Open xinchen1412 opened 4 years ago

xinchen1412 commented 4 years ago

Great respect for your work. Have you conducted other experiments? I used TSNE for visualization and found that the results were not ideal. I don't know if this is normal. Looking forward to your answer. I hope I didn't disturb you.

YuxiangRen commented 4 years ago

I didn't use TSNE for visualization in my experiments. I just use node classification and clustering to evaluate the representations. I am not sure whether the dimensionality reduction of TSEN will affect the learned representations, but it's a quite interesting observation. I may need to spend some time thinking about that.

If you have more observations or more questions, please let me know.

xinchen1412 commented 4 years ago

Thank you for your reply! I'll try your suggestions. One more question: Is the NMI value in the code the same as the NMI value in the paper?
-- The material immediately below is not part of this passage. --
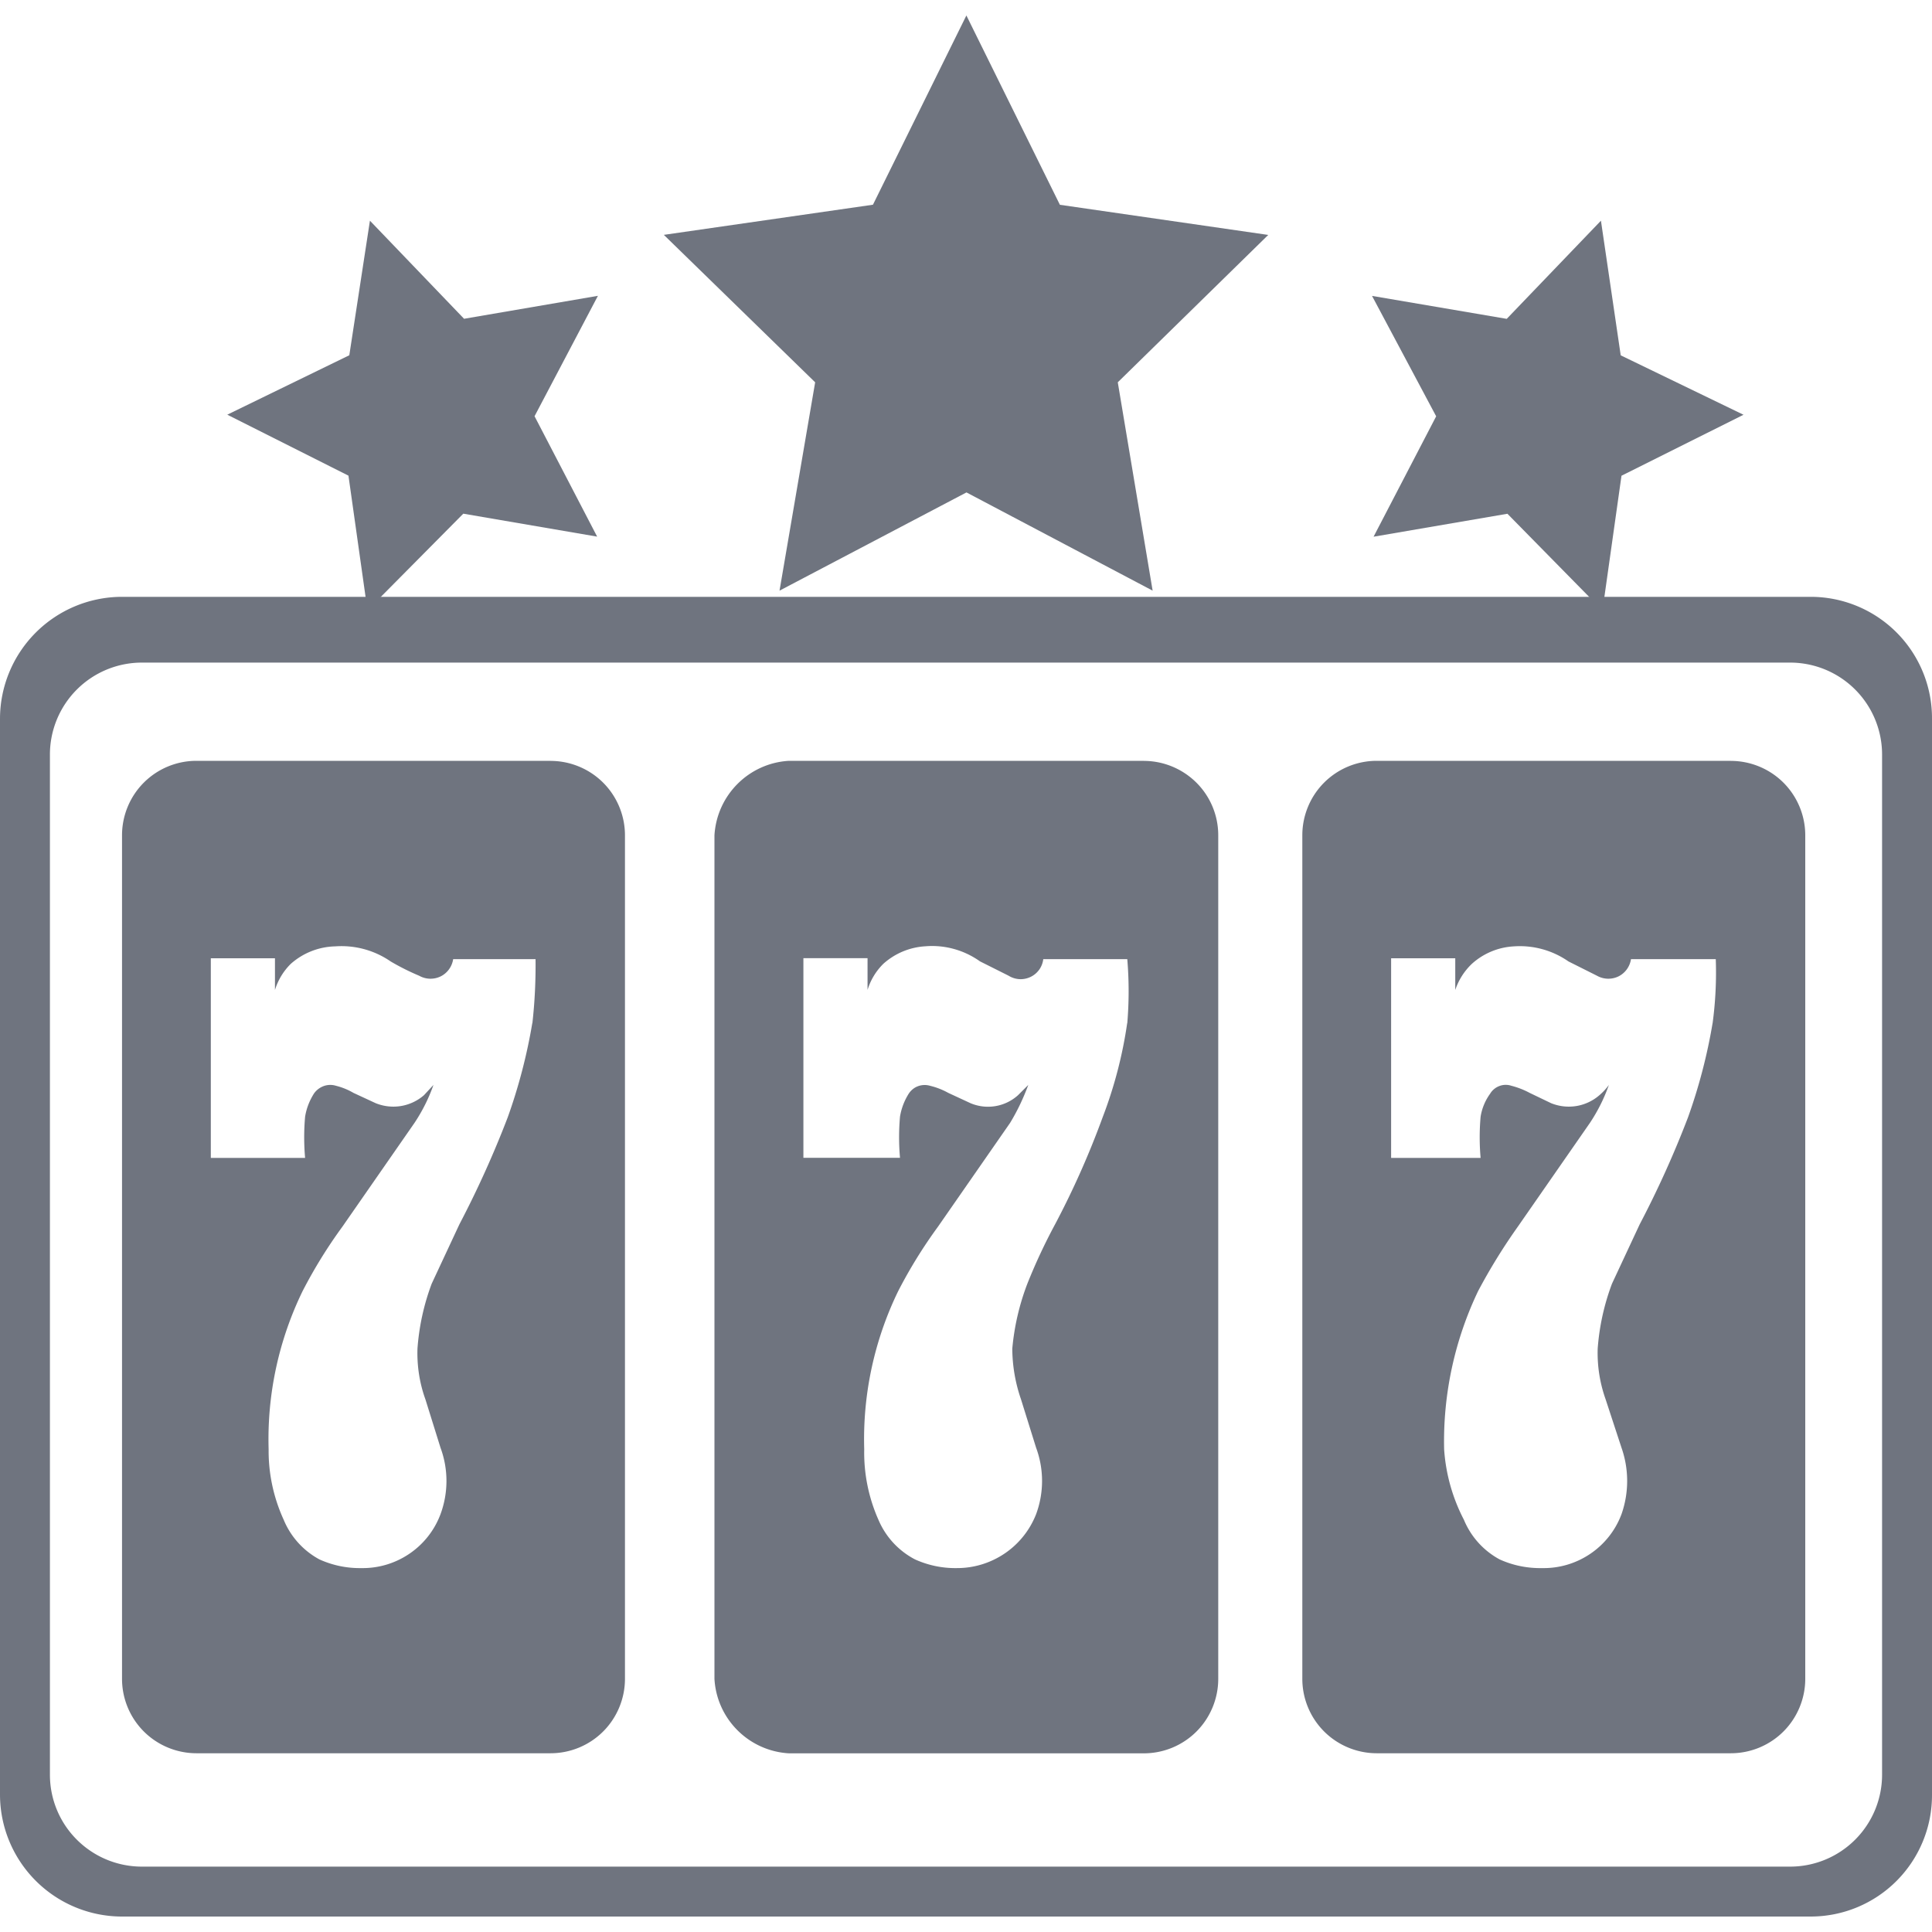 <?xml version="1.0" encoding="UTF-8"?>
<svg xmlns="http://www.w3.org/2000/svg" xmlns:v="https://vecta.io/nano" width="25" height="25" fill="#6f747f">
  <path d="M7.124 9.845H2.542c-.256 0-.501.102-.681.282s-.282.426-.282.681v10.916c0 .256.102.501.282.681s.426.282.681.282h4.582c.256 0 .501-.102.681-.282s.282-.426.282-.681V10.809c0-.256-.102-.501-.282-.681s-.426-.282-.681-.282zm-.236 3.393a7.08 7.08 0 0 1-.318 1.22 13.02 13.02 0 0 1-.625 1.384l-.359.769a3.01 3.01 0 0 0-.184.841c-.007.223.027.446.103.656l.195.625a1.24 1.24 0 0 1 0 .861 1.07 1.07 0 0 1-.402.511c-.184.125-.401.19-.623.186a1.26 1.26 0 0 1-.543-.113 1.03 1.03 0 0 1-.461-.512c-.131-.286-.198-.598-.195-.912a4.38 4.38 0 0 1 .441-2.05 6.28 6.28 0 0 1 .513-.83l.933-1.343a2.21 2.21 0 0 0 .246-.492l-.123.133c-.084.073-.188.122-.298.14a.61.61 0 0 1-.327-.037l-.287-.133a.86.86 0 0 0-.226-.092.25.25 0 0 0-.16.004c-.051.019-.096.053-.127.099-.057.091-.096.191-.113.297a3.02 3.02 0 0 0 0 .533h-1.22V12.4h.83v.41a.81.81 0 0 1 .205-.338c.159-.141.362-.221.574-.226a1.12 1.12 0 0 1 .718.195 3.1 3.1 0 0 0 .369.185.3.3 0 0 0 .277.009c.043-.021.081-.053.109-.092a.3.3 0 0 0 .054-.132H6.93c.003.277-.01.555-.041.83zm7.913-3.393h-4.592c-.519.03-.933.444-.964.964v10.916c.03.519.444.933.964.963h4.592c.256 0 .501-.102.681-.282s.282-.426.282-.681V10.809a.96.96 0 0 0-.282-.681c-.181-.18-.426-.282-.681-.282zm-.215 3.393a5.65 5.65 0 0 1-.318 1.22 11.12 11.12 0 0 1-.615 1.384 7.4 7.4 0 0 0-.359.769 3.12 3.12 0 0 0-.195.841 2.04 2.04 0 0 0 .113.656l.195.625a1.24 1.24 0 0 1 0 .861c-.081.206-.222.383-.405.507s-.399.191-.62.19a1.26 1.26 0 0 1-.543-.113 1.03 1.03 0 0 1-.472-.512 2.14 2.14 0 0 1-.184-.912 4.38 4.38 0 0 1 .441-2.05 6.26 6.26 0 0 1 .513-.83l.933-1.343c.095-.156.173-.321.236-.492l-.133.133a.58.58 0 0 1-.615.103l-.287-.133a.94.94 0 0 0-.236-.092.25.25 0 0 0-.155.005c-.05.018-.092.053-.121.097a.8.8 0 0 0-.113.297 3.02 3.02 0 0 0 0 .533h-1.25v-2.583h.83v.41a.81.81 0 0 1 .205-.338.89.89 0 0 1 .543-.226c.251-.021.502.049.707.195l.369.185a.3.3 0 0 0 .14.045c.05.003.099-.007.144-.028s.084-.054.113-.094.047-.088.053-.137h1.087a4.96 4.96 0 0 1 0 .83zm7.811-3.393h-4.582c-.256 0-.501.102-.681.282s-.282.426-.282.681v10.916c0 .256.102.501.282.681s.426.282.681.282h4.582c.256 0 .501-.102.681-.282s.282-.426.282-.681V10.809c0-.256-.102-.501-.282-.681s-.426-.282-.681-.282zm-.236 3.393a7.08 7.08 0 0 1-.318 1.22 12.89 12.89 0 0 1-.625 1.384l-.359.769a3.01 3.01 0 0 0-.185.841 1.79 1.79 0 0 0 .103.656l.205.625a1.3 1.3 0 0 1 0 .861 1.07 1.07 0 0 1-.402.511c-.184.125-.401.19-.623.186-.191.004-.38-.034-.553-.113a1.03 1.03 0 0 1-.461-.512 2.31 2.31 0 0 1-.256-.912 4.51 4.51 0 0 1 .441-2.05 7.52 7.52 0 0 1 .512-.83l.933-1.343a2.21 2.21 0 0 0 .246-.492.76.76 0 0 1-.123.133c-.084.073-.188.122-.298.14a.61.61 0 0 1-.327-.037l-.277-.133a1.06 1.06 0 0 0-.236-.092c-.051-.017-.106-.016-.156.003s-.093.054-.12.1a.69.69 0 0 0-.123.297 3.02 3.02 0 0 0 0 .533h-1.158V12.4h.83v.41a.83.83 0 0 1 .215-.338.88.88 0 0 1 .543-.226 1.1 1.1 0 0 1 .707.195l.369.185a.3.3 0 0 0 .277.009c.043-.021.081-.053.109-.092a.3.3 0 0 0 .054-.132h1.097a4.9 4.9 0 0 1-.041.83zM23.432 24.8H1.568A1.58 1.58 0 0 1 0 23.222V9.302a1.58 1.58 0 0 1 1.568-1.579h21.863A1.57 1.57 0 0 1 25 9.302v13.92a1.57 1.57 0 0 1-1.568 1.578zm-21.597-.646h21.33a1.19 1.19 0 0 0 1.189-1.189V9.763a1.19 1.19 0 0 0-1.189-1.189H1.835A1.19 1.19 0 0 0 .646 9.763v13.202c0 .315.125.618.349.841a1.19 1.19 0 0 0 .841.348zM12.505.2l1.21 2.45 2.696.39-1.947 1.907.451 2.696-2.409-1.271-2.419 1.271.461-2.696L8.59 3.039l2.706-.39L12.505.2z"></path>
  <path d="M4.787 2.855L4.52 4.597l-1.579.769 1.568.789.246 1.743 1.24-1.251 1.732.297-.81-1.558.82-1.558-1.732.297-1.22-1.271zm15.929 0l.256 1.743 1.589.769-1.579.789-.246 1.743-1.23-1.251-1.732.297.81-1.558-.83-1.558 1.743.297 1.22-1.271z"></path>
</svg>

I used the "ACM" and the "hdgi-c"model, I got an average NMI value of 0.49 and an average ARI value of 0.46. The values in paper are about 50. Do you have any suggestions?

YuxiangRen commented 4 years ago

The way I calculate NMI and ARI for HDGI-C is the same as HDGI-A. It is implemented as the code in DGI-HGAT/utils/clustering.py. You can check it. Your reported values are something weird because they are too low for the ACM dataset. I have no idea about these values, but you can check my code.

xinchen1412 commented 4 years ago

I used the code in "DGI-HGAT/utils/clustering.py" to calculate NMI and ARI, but the clustering results are so strange, the classification result is normal(about 0.9). I added the following code to "execute.py":

labels_np = labels_np.to(torch.device("cpu")).numpy()
clustering.my_Kmeans(embeddings, labels_np, k=3, time=10, return_NMI=False)
YuxiangRen commented 4 years ago

You may need to check whether the labels_np is constructed correctly. You can refer to executeCla.py in DGI-HGAT.

Fujiaoji commented 4 years ago

Thank you for your reply! I'll try your suggestions. One more question: Is the NMI value in the code the same as the NMI value in the paper? I used the "ACM" and the "hdgi-c"model, I got an average NMI value of 0.49 and an average ARI value of 0.46. The values in paper are about 50. Do you have any suggestions?

I used IMDB data set and the result of NMI is 0.0265, while 0.6324 in DBLP. Did u figure out?